— Your instructions —
Set down a true copy of the data, with all pictures left out.
++++ Information provided ++++
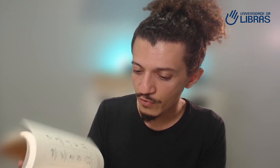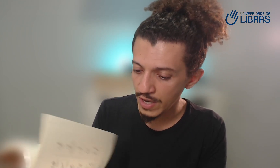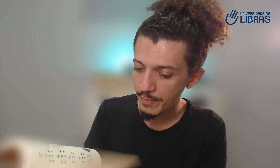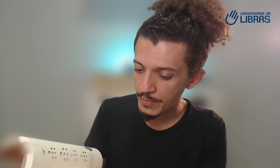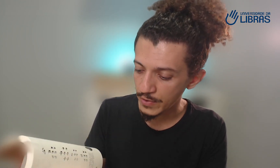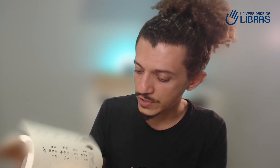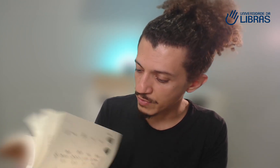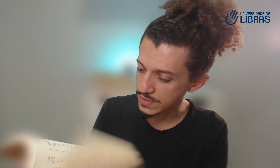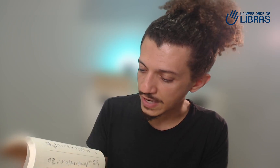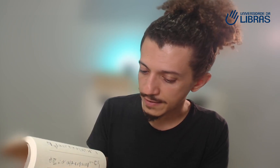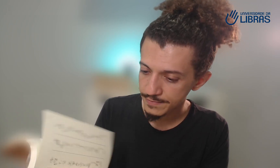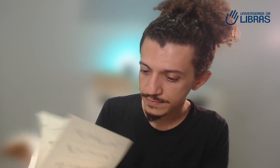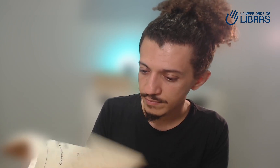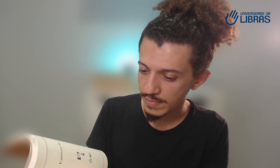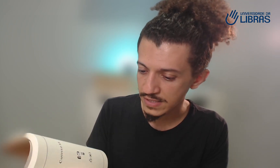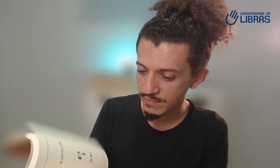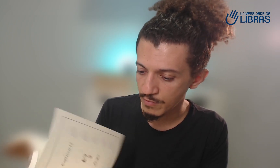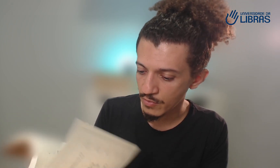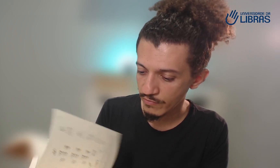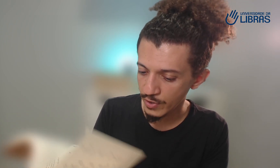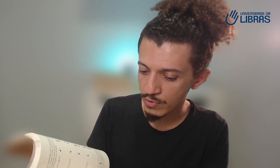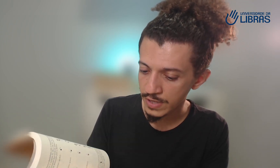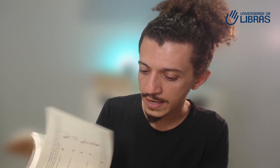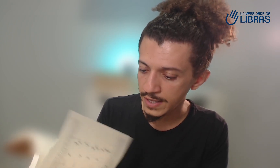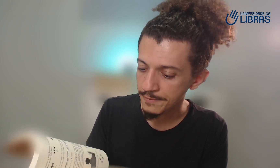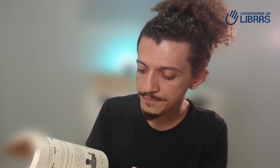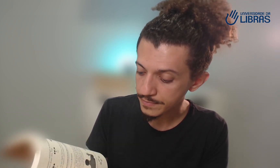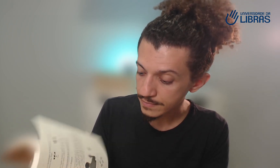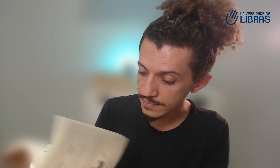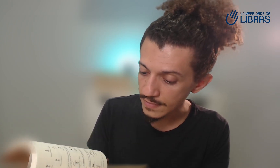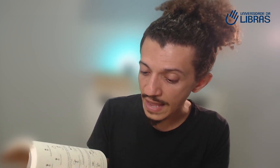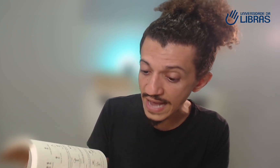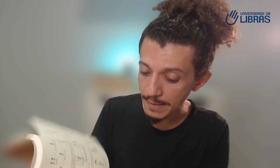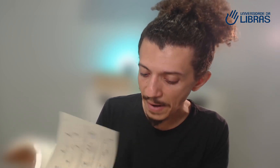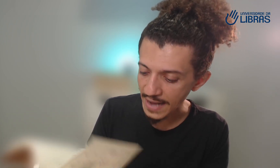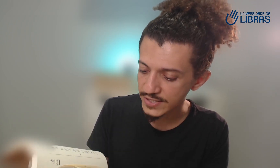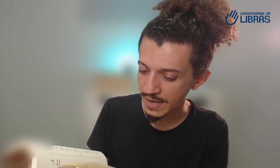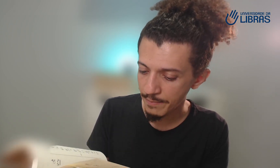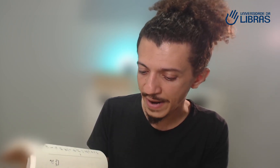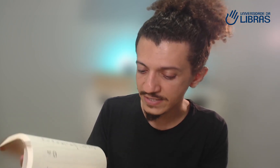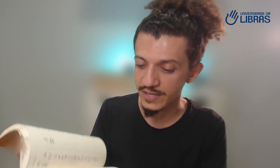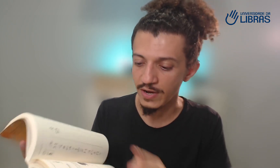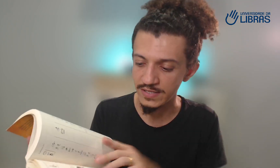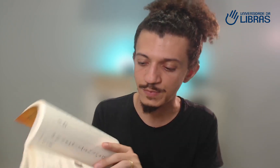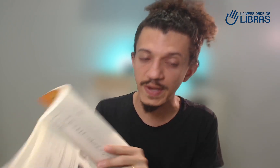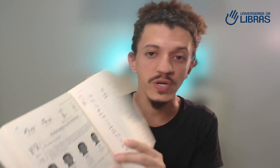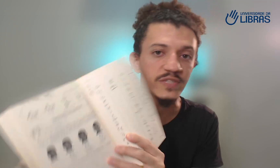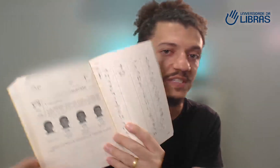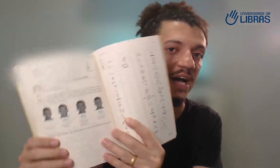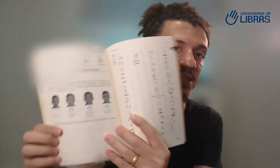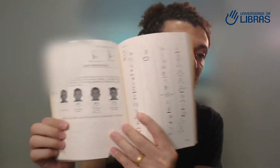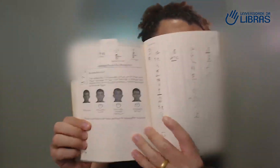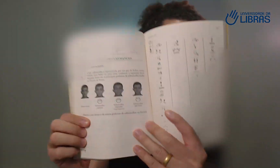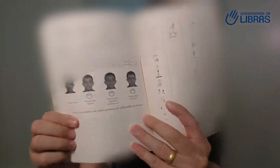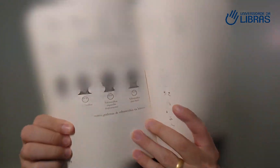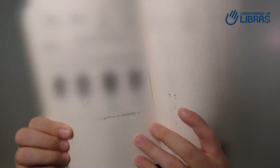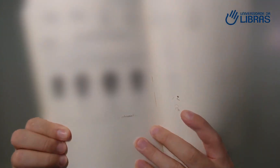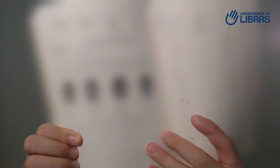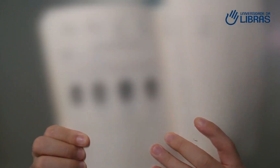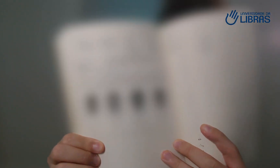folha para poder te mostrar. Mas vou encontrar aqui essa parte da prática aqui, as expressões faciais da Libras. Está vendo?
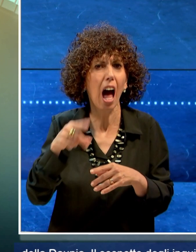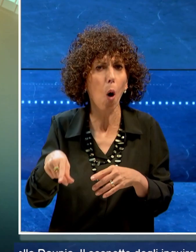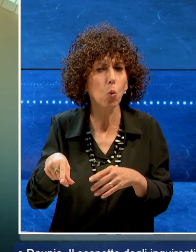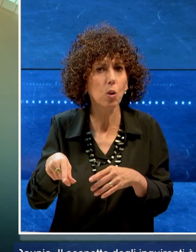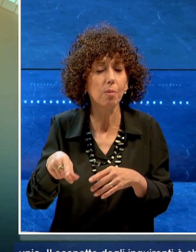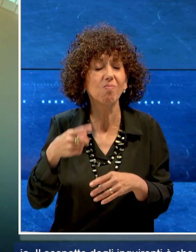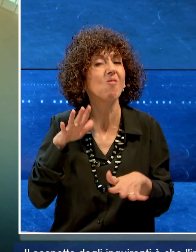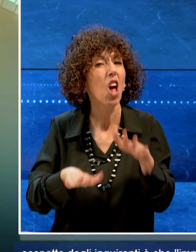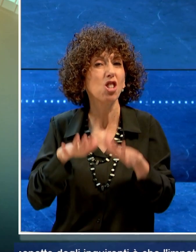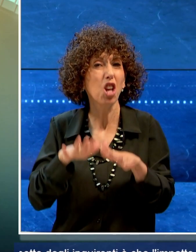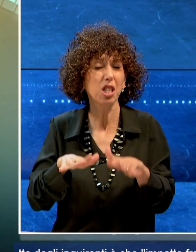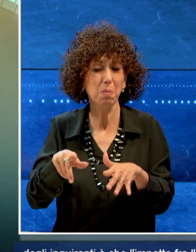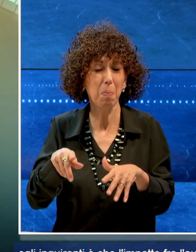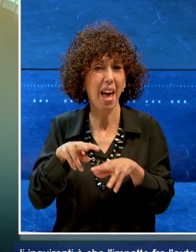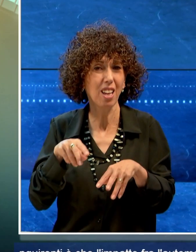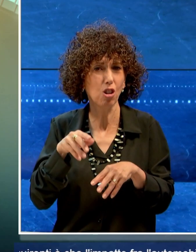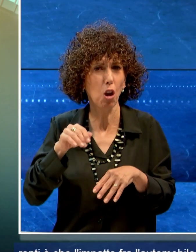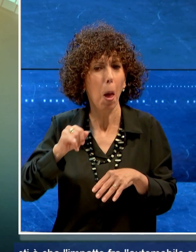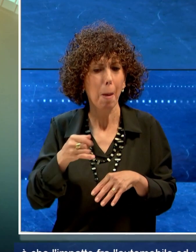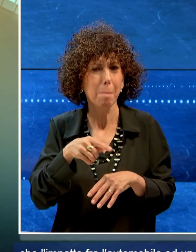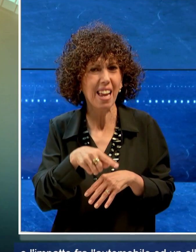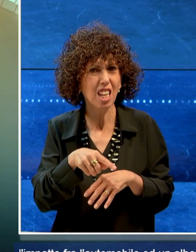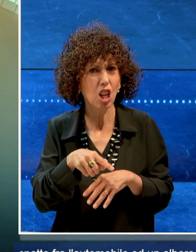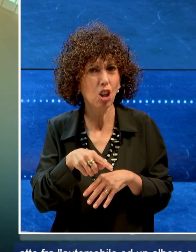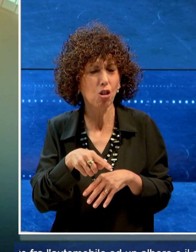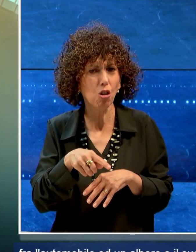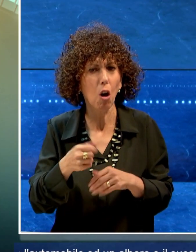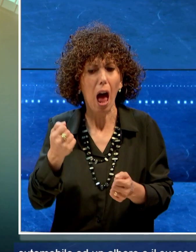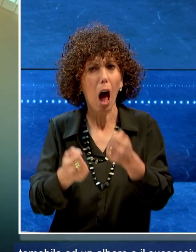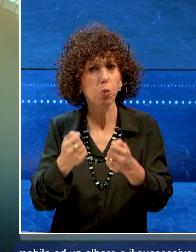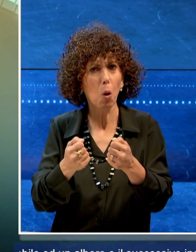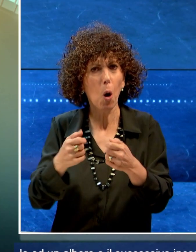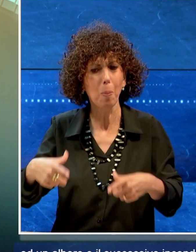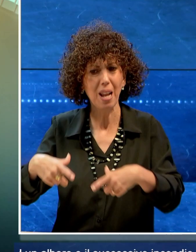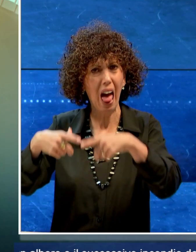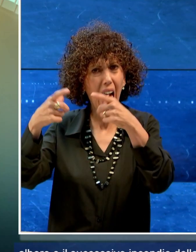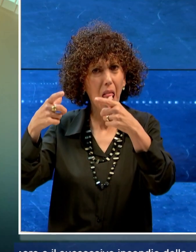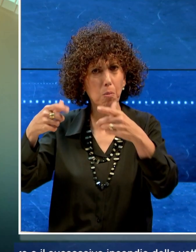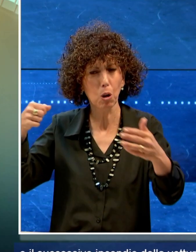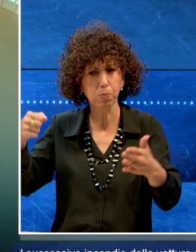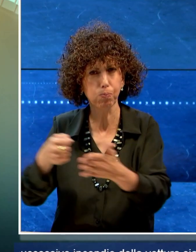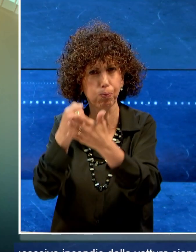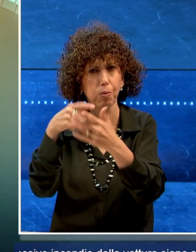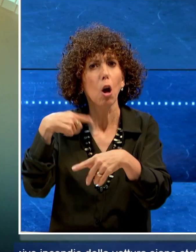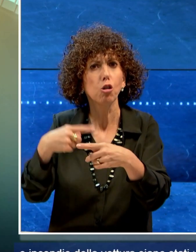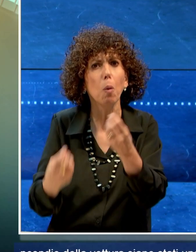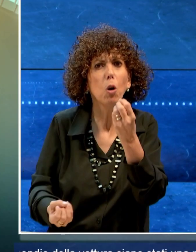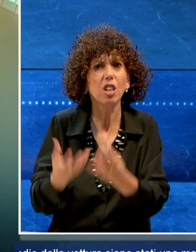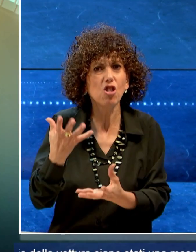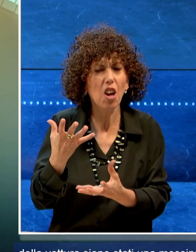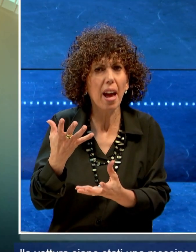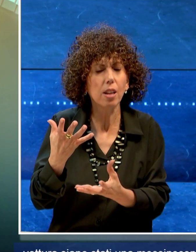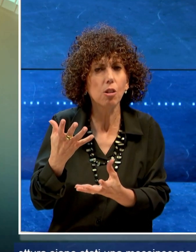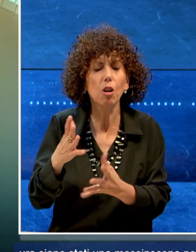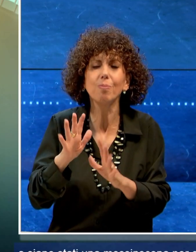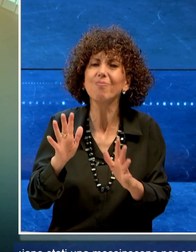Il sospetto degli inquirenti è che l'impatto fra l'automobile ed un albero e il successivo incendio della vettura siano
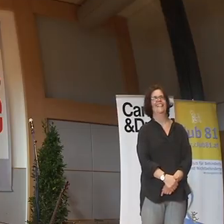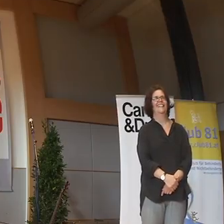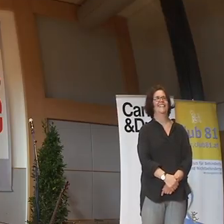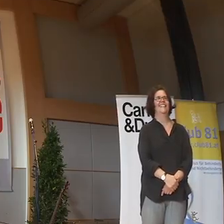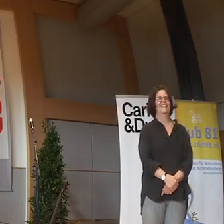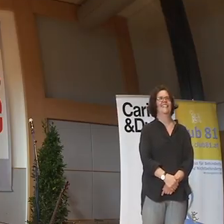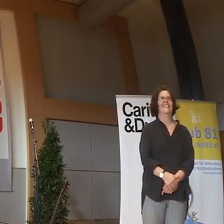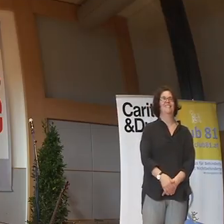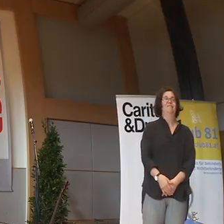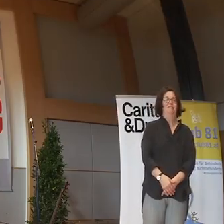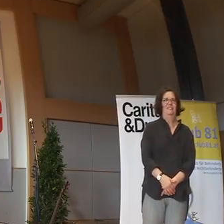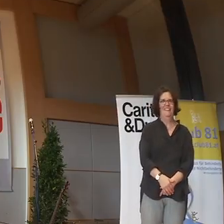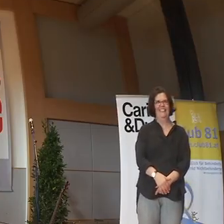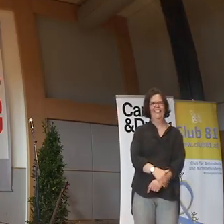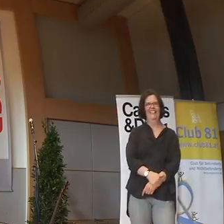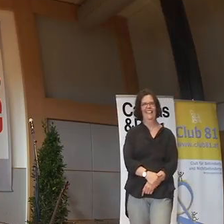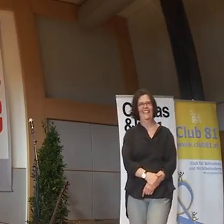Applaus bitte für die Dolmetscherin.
++++
— Response —
folha para poder te mostrar. Mas vou encontrar aqui essa parte da prática aqui, as expressões faciais da Libras. Está vendo?
Il sospetto degli inquirenti è che l'impatto fra l'automobile ed un albero e il successivo incendio della vettura siano
Applaus bitte für die Dolmetscherin.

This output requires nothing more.